My suggested fix involves using cloudflare, which nation.africa is already using for DNS and CDN management. create a web worker that checks the IP address. if the ip address is from search engines, then return the extra paid content for SEO, otherwise reduct the extra content. with this, it would still be possible to see the content by routing the request with a https://pagespeed.web.dev/ , which makes it harder than simple jatascript and css!

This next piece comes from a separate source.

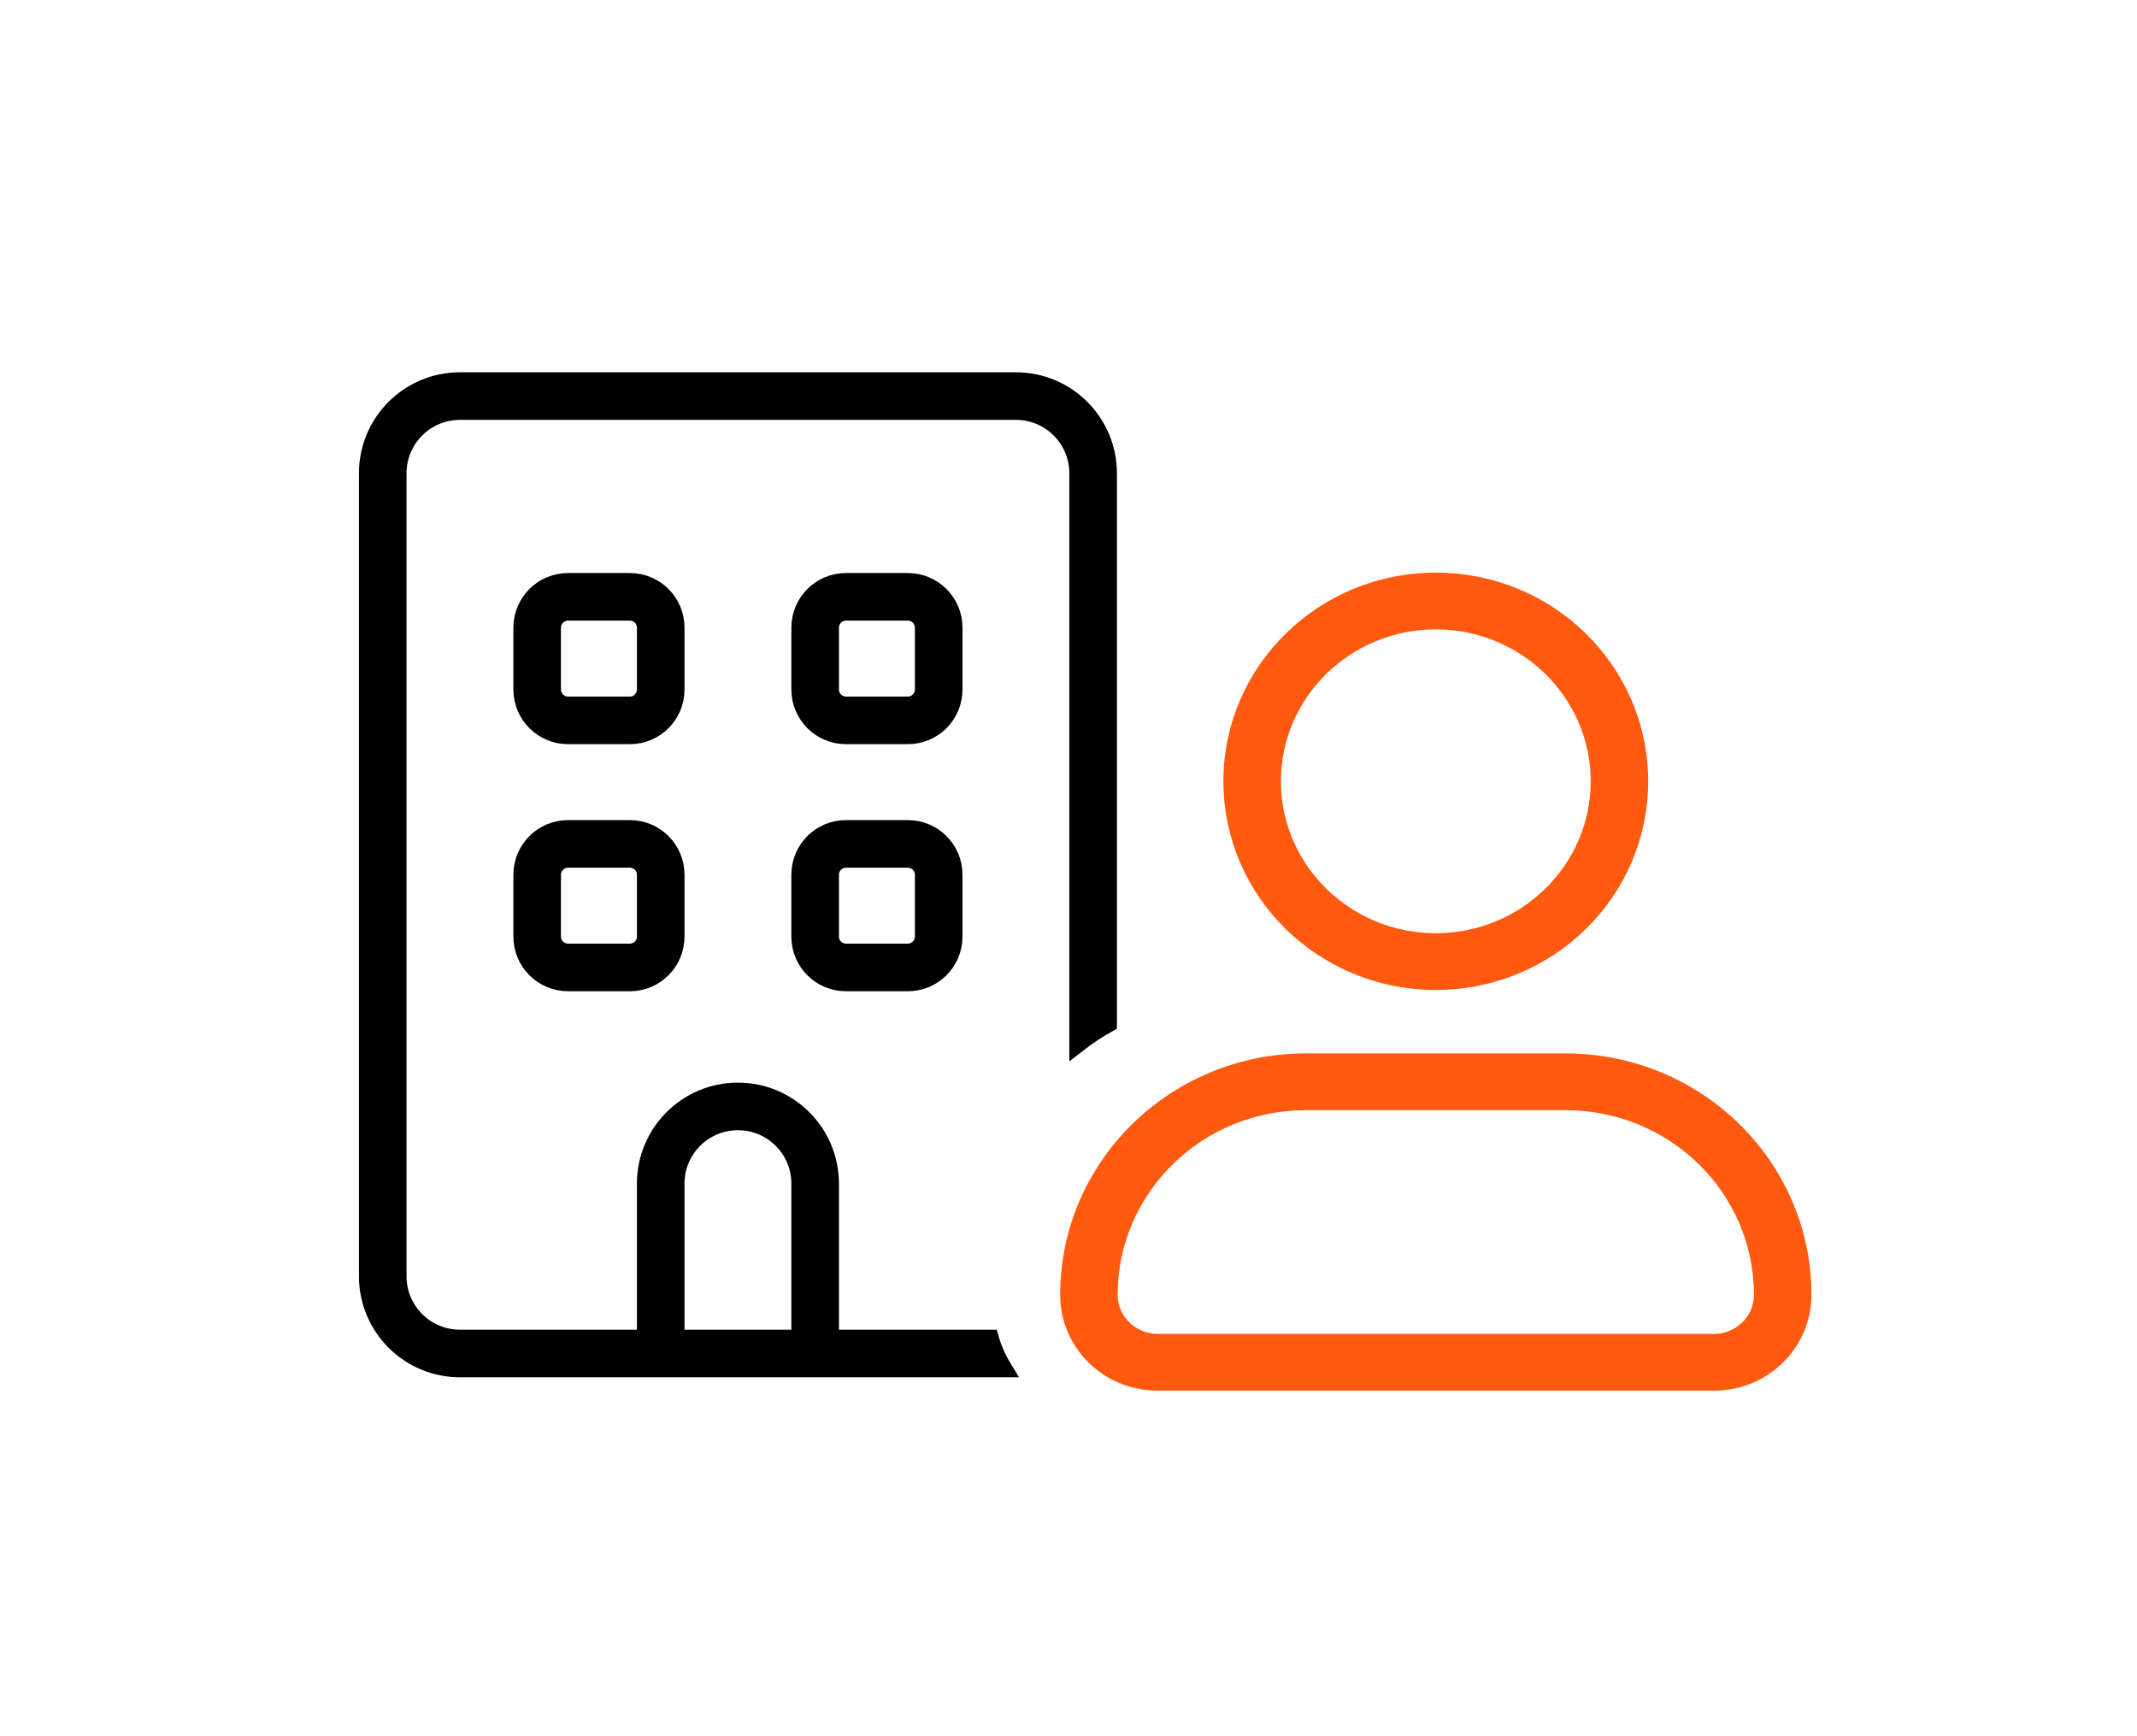 <svg width="64" height="52" viewBox="0 0 64 52" fill="none" xmlns="http://www.w3.org/2000/svg">
<path d="M11.925 14.175V38.225C11.925 39.248 12.754 40.075 13.775 40.075H19.325V35.45C19.325 33.918 20.568 32.675 22.1 32.675C23.632 32.675 24.875 33.918 24.875 35.45V40.075H29.662C29.754 40.405 29.899 40.717 30.072 41H13.775C12.242 41 11 39.757 11 38.225V14.175C11 12.642 12.242 11.4 13.775 11.4H30.425C31.957 11.4 33.2 12.642 33.2 14.175V30.663C32.876 30.843 32.564 31.051 32.275 31.276V14.175C32.275 13.153 31.448 12.325 30.425 12.325H13.775C12.754 12.325 11.925 13.153 11.925 14.175ZM23.95 40.075V35.45C23.95 34.427 23.123 33.6 22.1 33.6C21.077 33.6 20.25 34.427 20.25 35.45V40.075H23.95ZM18.863 24.812C19.631 24.812 20.25 25.431 20.25 26.2V28.05C20.25 28.819 19.631 29.438 18.863 29.438H17.012C16.247 29.438 15.625 28.819 15.625 28.05V26.2C15.625 25.431 16.247 24.812 17.012 24.812H18.863ZM16.55 28.05C16.55 28.304 16.757 28.512 17.012 28.512H18.863C19.117 28.512 19.325 28.304 19.325 28.05V26.2C19.325 25.946 19.117 25.738 18.863 25.738H17.012C16.757 25.738 16.55 25.946 16.55 26.2V28.05ZM23.95 26.2C23.95 25.431 24.569 24.812 25.337 24.812H27.188C27.956 24.812 28.575 25.431 28.575 26.2V28.05C28.575 28.819 27.956 29.438 27.188 29.438H25.337C24.569 29.438 23.95 28.819 23.95 28.05V26.2ZM25.337 25.738C25.083 25.738 24.875 25.946 24.875 26.2V28.05C24.875 28.304 25.083 28.512 25.337 28.512H27.188C27.442 28.512 27.65 28.304 27.65 28.05V26.2C27.65 25.946 27.442 25.738 27.188 25.738H25.337ZM18.863 17.413C19.631 17.413 20.25 18.031 20.25 18.8V20.65C20.25 21.419 19.631 22.038 18.863 22.038H17.012C16.247 22.038 15.625 21.419 15.625 20.65V18.8C15.625 18.031 16.247 17.413 17.012 17.413H18.863ZM16.55 20.65C16.55 20.904 16.757 21.113 17.012 21.113H18.863C19.117 21.113 19.325 20.904 19.325 20.65V18.8C19.325 18.546 19.117 18.337 18.863 18.337H17.012C16.757 18.337 16.55 18.546 16.55 18.8V20.65ZM23.95 18.8C23.95 18.031 24.569 17.413 25.337 17.413H27.188C27.956 17.413 28.575 18.031 28.575 18.8V20.65C28.575 21.419 27.956 22.038 27.188 22.038H25.337C24.569 22.038 23.95 21.419 23.95 20.65V18.8ZM25.337 18.337C25.083 18.337 24.875 18.546 24.875 18.8V20.65C24.875 20.904 25.083 21.113 25.337 21.113H27.188C27.442 21.113 27.65 20.904 27.65 20.65V18.8C27.65 18.546 27.442 18.337 27.188 18.337H25.337Z" fill="black" stroke="black" stroke-width="0.5"/>
<path d="M36.889 23.4C36.889 20.085 39.624 17.4 43 17.4C46.376 17.4 49.111 20.085 49.111 23.4C49.111 26.715 46.376 29.4 43 29.4C39.624 29.4 36.889 26.715 36.889 23.4ZM43 18.6C40.303 18.6 38.111 20.753 38.111 23.4C38.111 26.047 40.303 28.2 43 28.2C45.697 28.2 47.889 26.047 47.889 23.4C47.889 20.753 45.697 18.6 43 18.6ZM46.888 31.8C50.815 31.8 54 34.928 54 38.782C54 40.23 52.808 41.4 51.334 41.4H34.666C33.192 41.4 32 40.23 32 38.782C32 34.928 35.185 31.8 39.112 31.8H46.888ZM34.666 40.2H51.334C52.129 40.2 52.778 39.562 52.778 38.782C52.778 35.587 50.142 33 46.888 33H39.112C35.858 33 33.222 35.587 33.222 38.782C33.222 39.562 33.871 40.2 34.666 40.2Z" fill="#FF5A10" stroke="#FF5A10" stroke-width="0.5"/>
</svg>

The IP check involves an IP reverse lookup

In [None]:
# create a python reverse lookup code, and some tests! test with major search engines!

In [1]:
import socket
from ipaddress import ip_address
from urllib.parse import urlparse

async def reverse_dns_lookup(ip_addr, *host_names):
    """
    Perform reverse DNS lookup
    """
    # Check if host_names is empty or ip_addr is invalid
    if not host_names or not ip_addr or not is_valid_ip(ip_addr):
        return False
    
    try:
        # Get hostname from IP
        hostname, _, _ = socket.gethostbyaddr(ip_addr)
        # Check if IP matches any of the addresses for the hostname
        valid_ip = ip_addr in (i[4][0] for i in socket.getaddrinfo(hostname, None))
        # Check if hostname or its aliases match any of the allowed hosts
        valid_host = any(host_intersection(h, *host_names) for h in [hostname] + socket.gethostbyaddr(hostname)[1])
        return valid_ip and valid_host
    except:
        return False

def host_intersection(target_uri, *hosts):
    """
    Check if target_uri intersects with any of the hosts
    """
    if not target_uri or not hosts:
        return False
    
    try:
        current_host = urlparse(f"http://{target_uri}").netloc.lower()
        return any(
            current_host.endswith(h.lower()) or h.lower().endswith(current_host)
            for h in hosts
        )
    except:
        return False

def is_valid_ip(ip):
    """
    Check if the given string is a valid IP address
    """
    try:
        ip_address(ip)
        return True
    except ValueError:
        return False

# Usage example:
# import asyncio
# result = asyncio.run(reverse_dns_lookup("8.8.8.8", "google.com", "googlebot.com"))
# print(result)

In [3]:
await reverse_dns_lookup("66.249.66.1", "googlebot.com", "google.com")

True

As one can tell, doing this for every request is resource intensive, and it is best to cache this for about 7 days. a verified ip address should be allowed to query for a week without firther checks for a week!

Alternatives to doing this on the server is doing this on==in a CDN like cloudflare, using web workers in this case. this saves server resources and for a start, its free. web workers intercept a request to the server,  and is able to modify the request and the response.